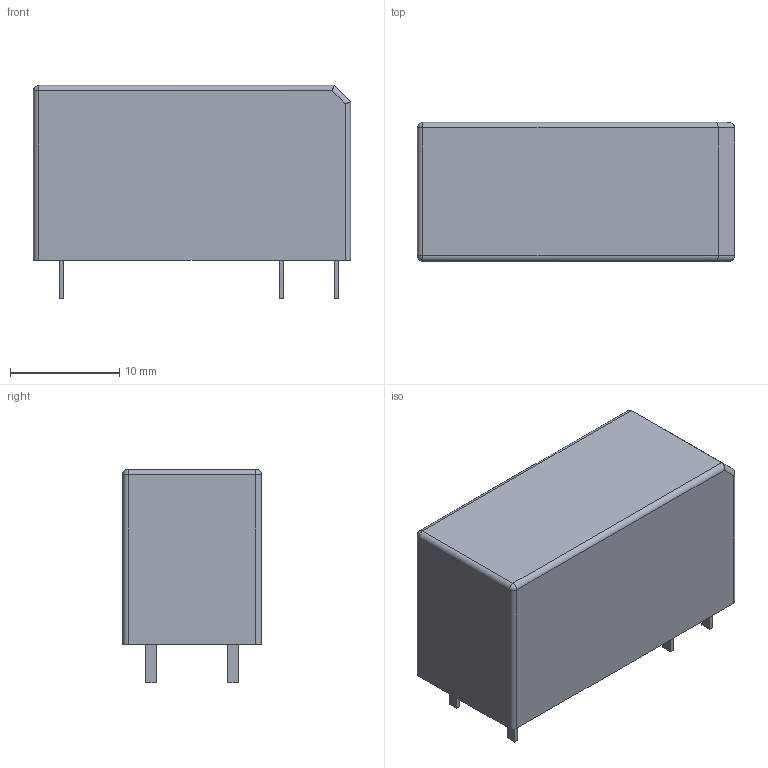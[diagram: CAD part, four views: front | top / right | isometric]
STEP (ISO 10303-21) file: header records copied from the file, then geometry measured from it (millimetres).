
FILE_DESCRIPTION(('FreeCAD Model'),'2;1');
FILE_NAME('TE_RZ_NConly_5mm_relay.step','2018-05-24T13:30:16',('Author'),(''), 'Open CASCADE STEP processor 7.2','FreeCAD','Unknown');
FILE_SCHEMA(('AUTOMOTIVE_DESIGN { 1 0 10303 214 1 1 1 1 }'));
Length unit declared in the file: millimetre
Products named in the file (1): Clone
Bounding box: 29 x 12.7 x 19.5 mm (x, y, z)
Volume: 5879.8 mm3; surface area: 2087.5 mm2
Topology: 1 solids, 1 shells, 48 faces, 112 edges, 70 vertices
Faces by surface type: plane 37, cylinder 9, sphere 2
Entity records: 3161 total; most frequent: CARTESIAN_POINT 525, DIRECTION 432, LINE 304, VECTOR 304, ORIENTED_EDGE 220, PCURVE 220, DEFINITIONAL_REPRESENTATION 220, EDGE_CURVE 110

**ABOUT THIS EXERCISE**
From the first line to the last, repeat the records above exactly, leaving out the pictures.

**WRITTEN REPLY**
[diagram: CAD part, four views: front | top / right | isometric]
STEP (ISO 10303-21) file: header records copied from the file, then geometry measured from it (millimetres).
FILE_DESCRIPTION(('FreeCAD Model'),'2;1');
FILE_NAME('TE_RZ_NConly_5mm_relay.step','2018-05-24T13:30:16',('Author'),(''), 'Open CASCADE STEP processor 7.2','FreeCAD','Unknown');
FILE_SCHEMA(('AUTOMOTIVE_DESIGN { 1 0 10303 214 1 1 1 1 }'));
Length unit declared in the file: millimetre
Products named in the file (1): Clone
Bounding box: 29 x 12.7 x 19.5 mm (x, y, z)
Volume: 5879.8 mm3; surface area: 2087.5 mm2
Topology: 1 solids, 1 shells, 48 faces, 112 edges, 70 vertices
Faces by surface type: plane 37, cylinder 9, sphere 2
Entity records: 3161 total; most frequent: CARTESIAN_POINT 525, DIRECTION 432, LINE 304, VECTOR 304, ORIENTED_EDGE 220, PCURVE 220, DEFINITIONAL_REPRESENTATION 220, EDGE_CURVE 110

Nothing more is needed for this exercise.